ABSTRACT
SUBRAMANIAN RADHESH KRISHNAN1, PANDIYAN MUTHURAMALINGAM1,2, CHAKRAVARTHI MOHAN3, and MANIKANDAN RAMESH1,4,*
1Department of Biotechnology, Alagappa University, Karaikudi, Tamil Nadu 630003, India, Tel.: +91 4565 225215, Mob.: +91 9566422094, Fax: +914565225202, E-mail: radheshkrishnan.s@gmail.com 2pandianmuthuramalingam@gmail.com, Mob.: +919597771342 3Molecular Biology Laboratory (LBM), Department of Genetics and Evolution (DGE), Federal University of Sao Carlos (UFSCar), São Paulo 13565905, Brazil, Tel.: +551633518378, Mob.: +5516996196465, E-mail: chakra3558@gmail.com 4Mob.: +91 9442318200, Fax: +914565225202 *Corresponding author. E-mail: mrbiotech.alu@gmail.com
1.1 INTRODUCTION
Plants are sessile and hence are confronted by the surrounding environment; this is a major constraint to their growth and development. Crop yield is severely affected by the climate change and rise in the temperature through global warming which drastically reduces the water withholding capacity of the soil and thereby crop production (Lesk et al., 2016).
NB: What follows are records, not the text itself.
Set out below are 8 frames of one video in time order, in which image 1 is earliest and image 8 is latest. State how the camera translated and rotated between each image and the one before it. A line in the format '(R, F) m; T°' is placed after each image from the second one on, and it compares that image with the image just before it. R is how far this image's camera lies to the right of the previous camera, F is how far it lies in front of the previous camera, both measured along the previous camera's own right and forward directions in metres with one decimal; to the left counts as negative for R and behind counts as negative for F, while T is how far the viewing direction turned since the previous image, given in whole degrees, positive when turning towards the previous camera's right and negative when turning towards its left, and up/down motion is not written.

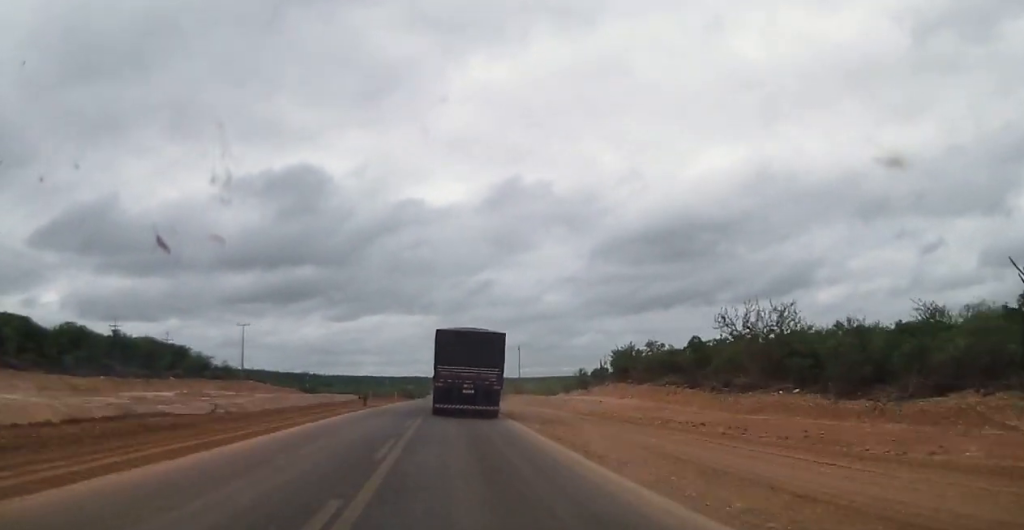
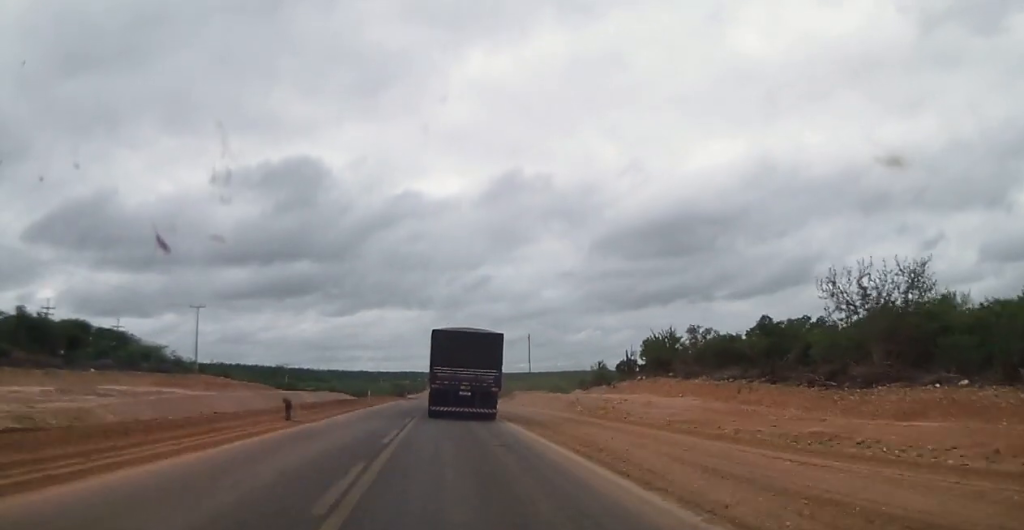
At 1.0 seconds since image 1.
(+0.5, +20.6) m; +1°
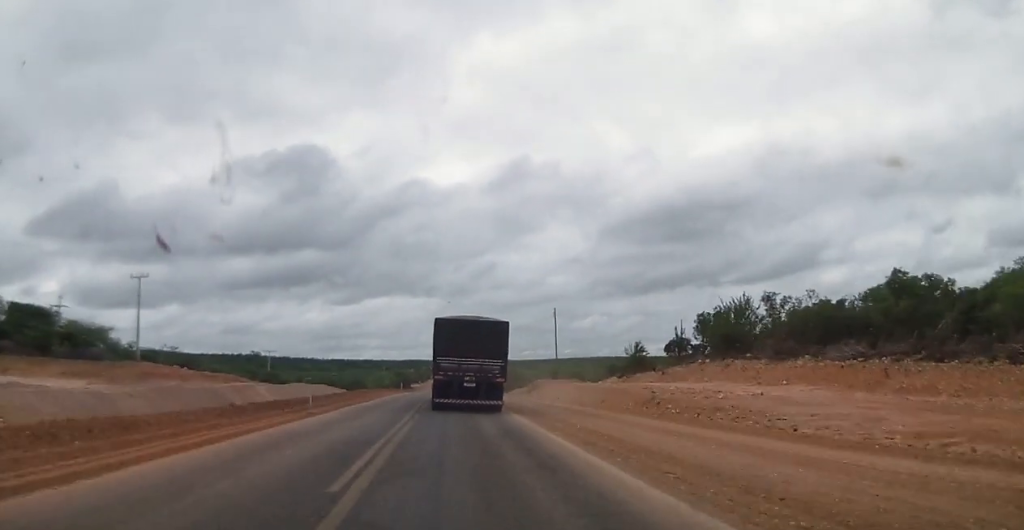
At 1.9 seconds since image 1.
(0.0, +20.9) m; -1°
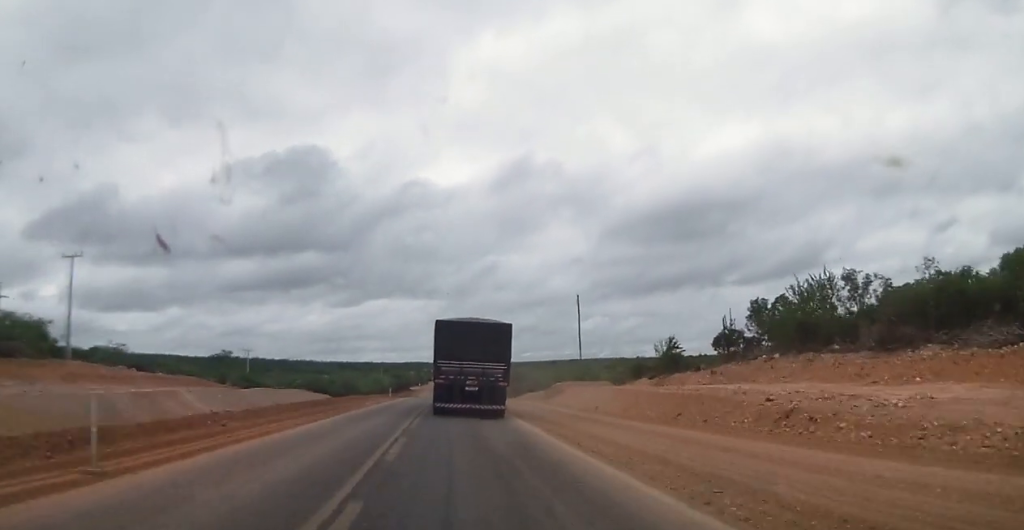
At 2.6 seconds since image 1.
(-0.2, +15.3) m; -1°
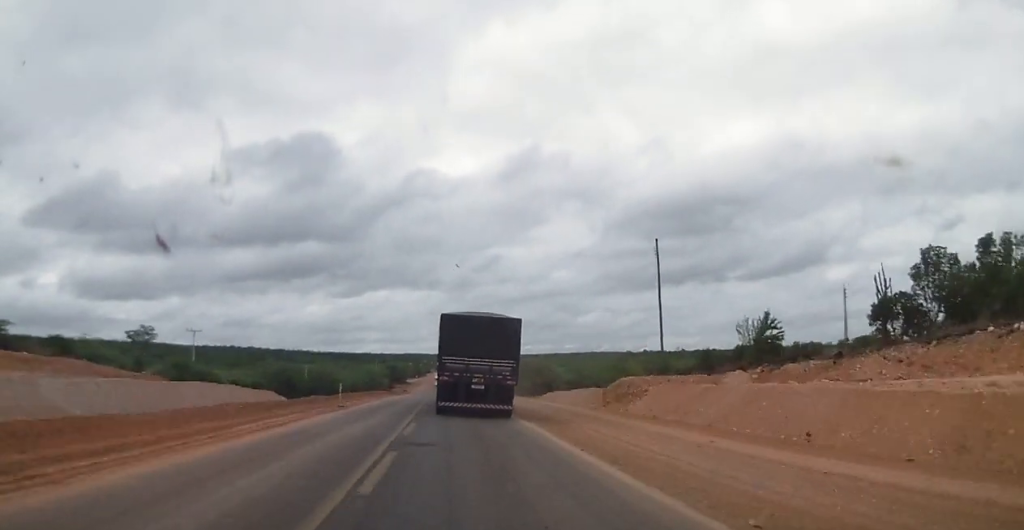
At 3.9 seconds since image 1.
(-0.1, +27.4) m; 0°
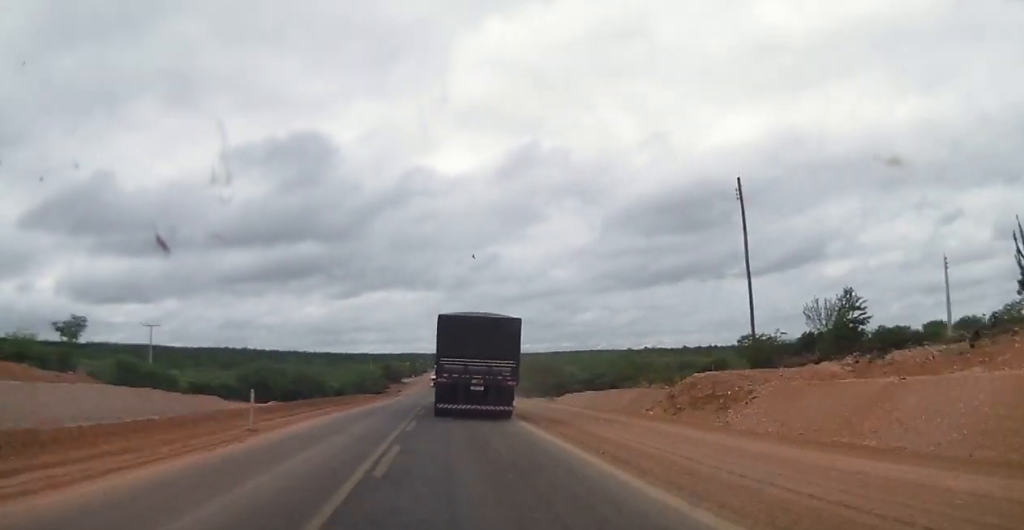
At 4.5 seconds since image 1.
(0.0, +14.2) m; 0°
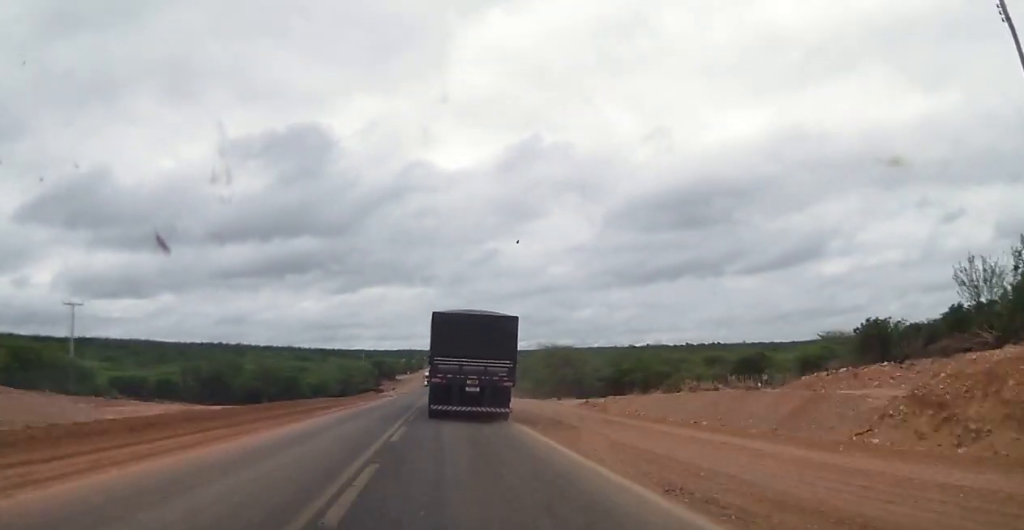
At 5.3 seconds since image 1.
(0.0, +18.9) m; 0°
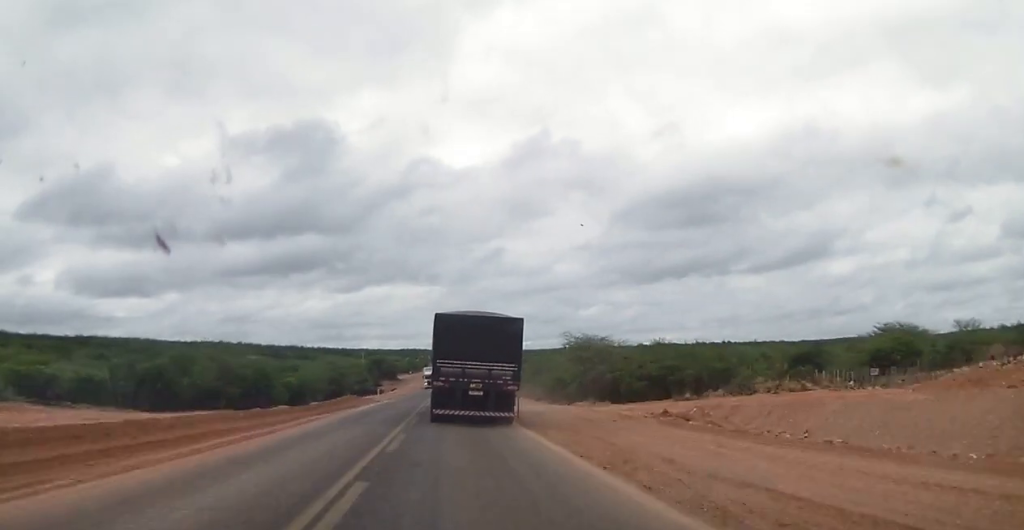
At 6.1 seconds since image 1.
(0.0, +17.5) m; 0°
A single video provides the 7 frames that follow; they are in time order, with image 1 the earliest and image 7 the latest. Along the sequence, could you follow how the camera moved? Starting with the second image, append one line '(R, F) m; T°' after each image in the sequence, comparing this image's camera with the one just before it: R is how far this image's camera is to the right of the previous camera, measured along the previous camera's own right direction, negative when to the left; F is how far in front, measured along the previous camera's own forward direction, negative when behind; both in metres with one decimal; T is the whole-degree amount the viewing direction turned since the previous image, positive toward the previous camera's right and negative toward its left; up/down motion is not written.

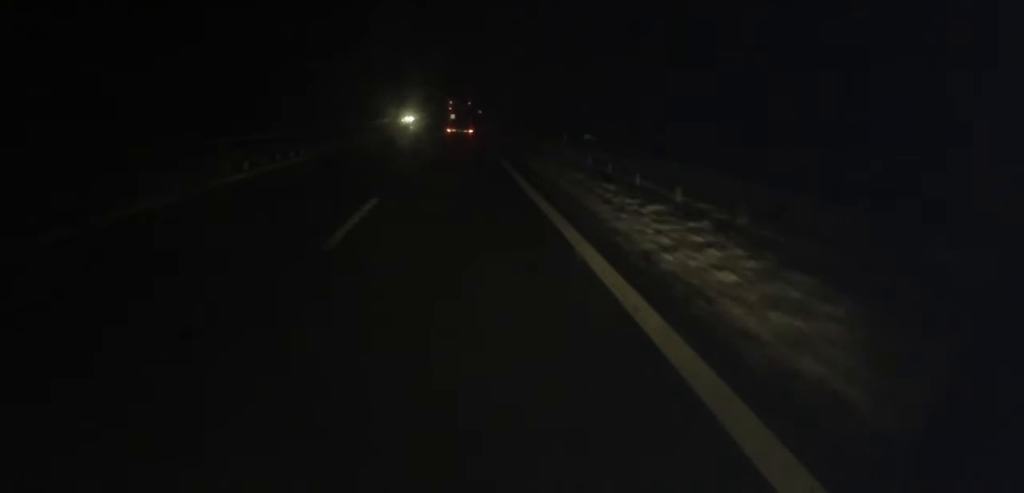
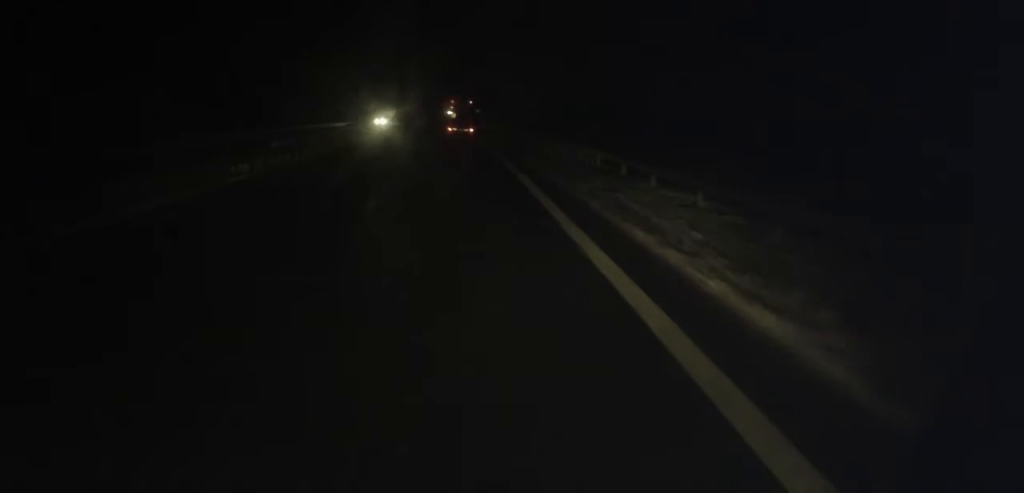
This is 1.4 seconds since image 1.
(+0.3, +33.8) m; 0°
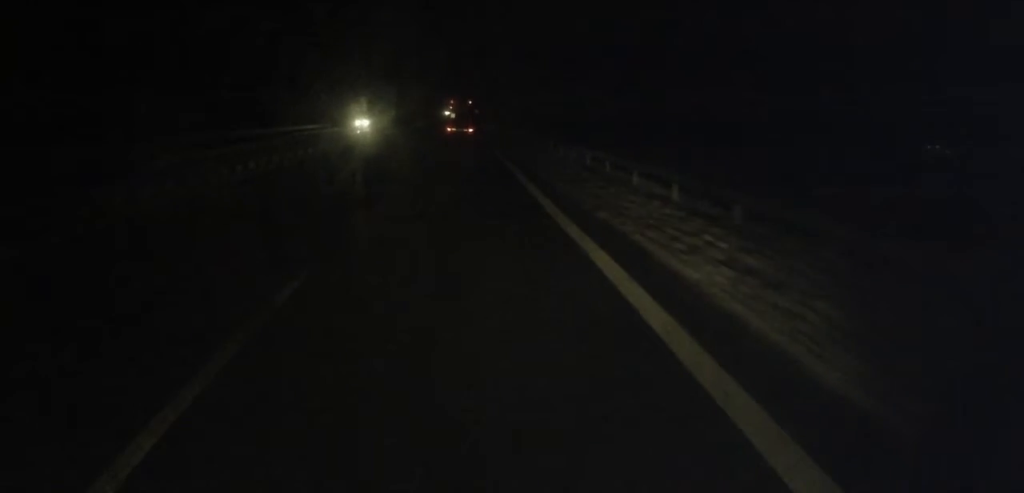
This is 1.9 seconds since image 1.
(-0.2, +10.2) m; 0°
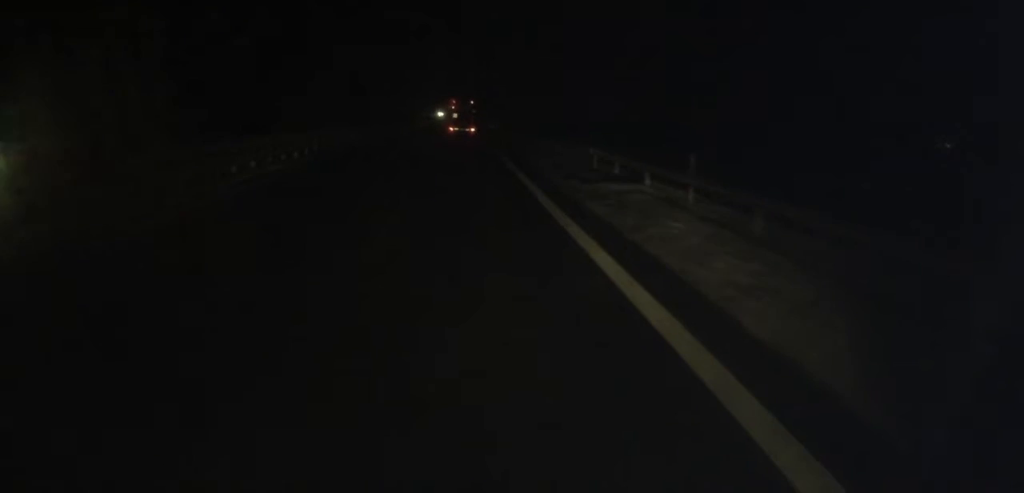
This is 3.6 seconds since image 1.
(+0.1, +41.6) m; 0°
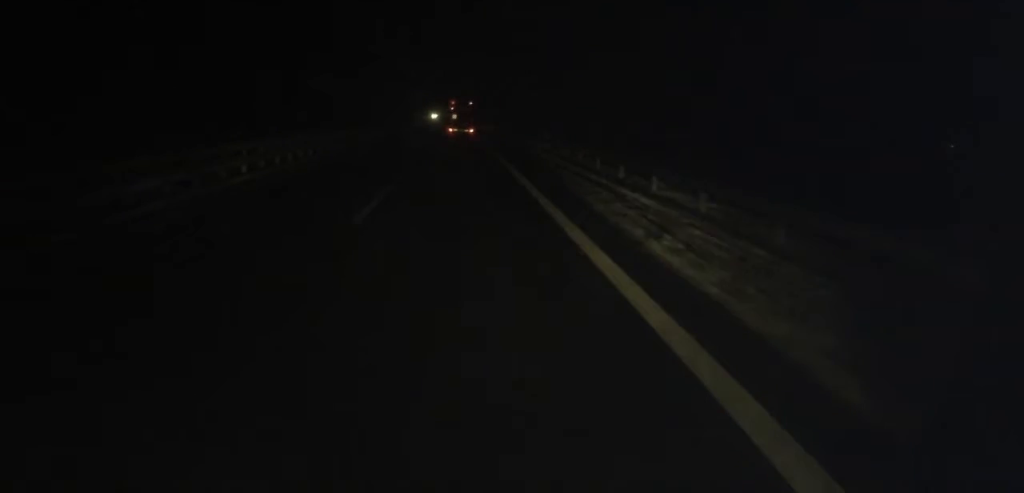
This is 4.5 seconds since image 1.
(-0.2, +21.2) m; 0°
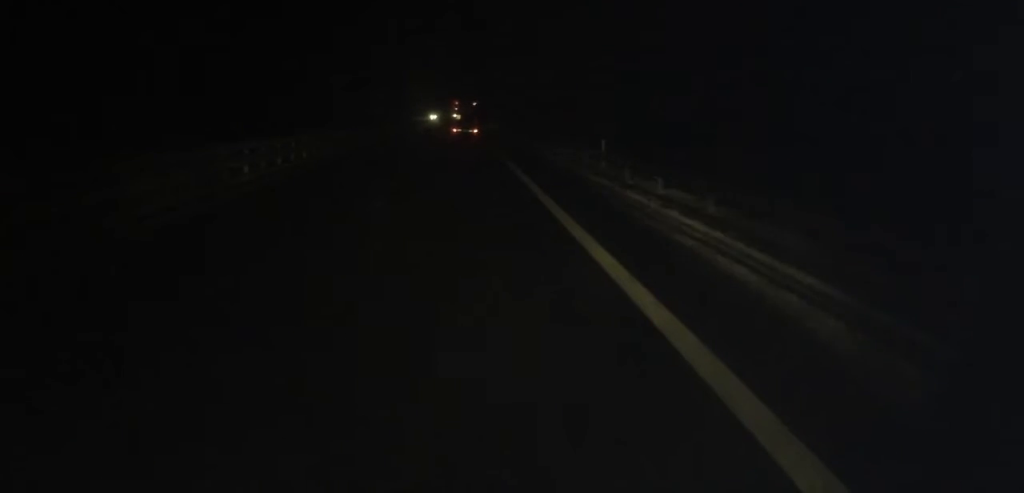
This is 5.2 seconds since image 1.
(+0.4, +16.5) m; 0°
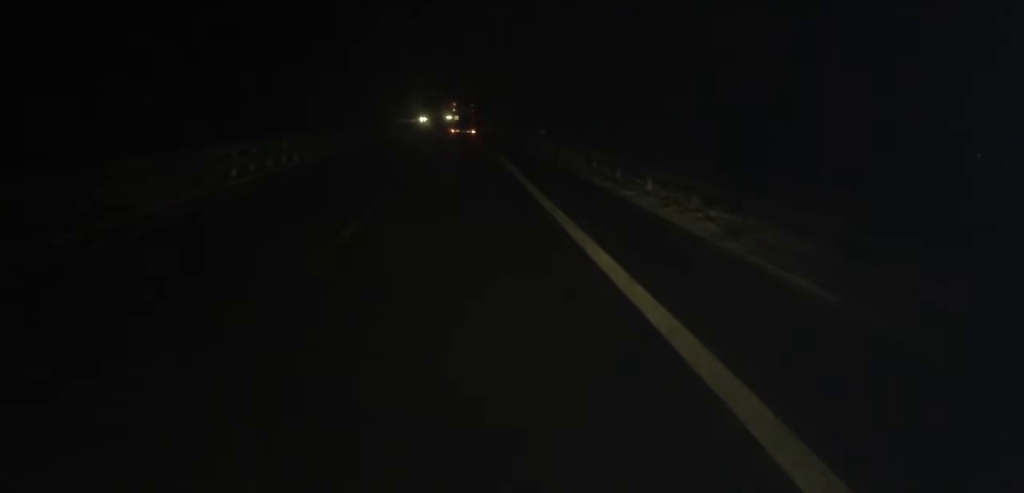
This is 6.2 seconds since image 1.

These stimuli are evoked by numerous molecular and biochemical crosstalk that activate the candidate component to resist stress. These actions are packed with stimulation of receptor molecules by stress followed by a series of
molecular crosstalk that promote downstream process and activate the genes for its survival. Over the decades, plants have evolved to tackle these stresses by more sophisticated mechanisms than the animals (Qin et al., 2011; Rejeb et al., 2014). In crop plants, such as rice Oryza sativa L., production and quality are adversely hampered by biotic and abiotic stresses. There are various key proteins that are generated by the plant immune system against these stresses and are largely being regulated by their respective transcription factors (Kavar et al., 2008). Certain stress regulators act as transcription binding factors such as DRE/CRT; DREBs/ CBFs; HSF/heat shock proteins (HSPs) and MAPKs that are highly conserved domains in plants and hence are the key regions for researchers to explore abiotic stress resistance (Mizoi et al., 2012; Nakashima et al., 2012; Hussain Wani et al., 2016). Such a class of conserved domains are A20/AN1 stress-associated proteins (SAPs) that exists as zinc-finger domain proteins (ZFPs) (Mukhopadhyay et al., 2004; Kothari et al., 2016). ZFPs are rapidly evolving key research interests owing to their multiple genes, conservative nature, and wide host range compatibility; O. sativa (Mukhopadhyay et al., 2004), Nicotiana tabacum (Kanneganti and Gupta, 2008), Arabidopsis thaliana (Dixit and Dhankher, 2011a) and Camellia sinensis L (Paul and Kumar, 2015). The presence of these proteins has also been reported in other living systems such as bacteria and animals (Huang et al., 2004; Hishiya et al., 2006; Zhang et al., 2015). The first report on A20 zinc-finger domain and its multiple motifs (cys2/cys2) from human endothelial cells was reported by Dixit et al. (1990). These were characterized for their role to combat the effects induced by multiple stresses (Vij and Tyagi, 2007). Up till now 18 members of A20/AN1 SAPs from different rice species have been reported (Dansana et al., 2014). In this chapter, OsiSAP8 was used as the candidate to explain the importance of ZFPs and their role in abiotic stress tolerance by comparing it with the available omics-based resources.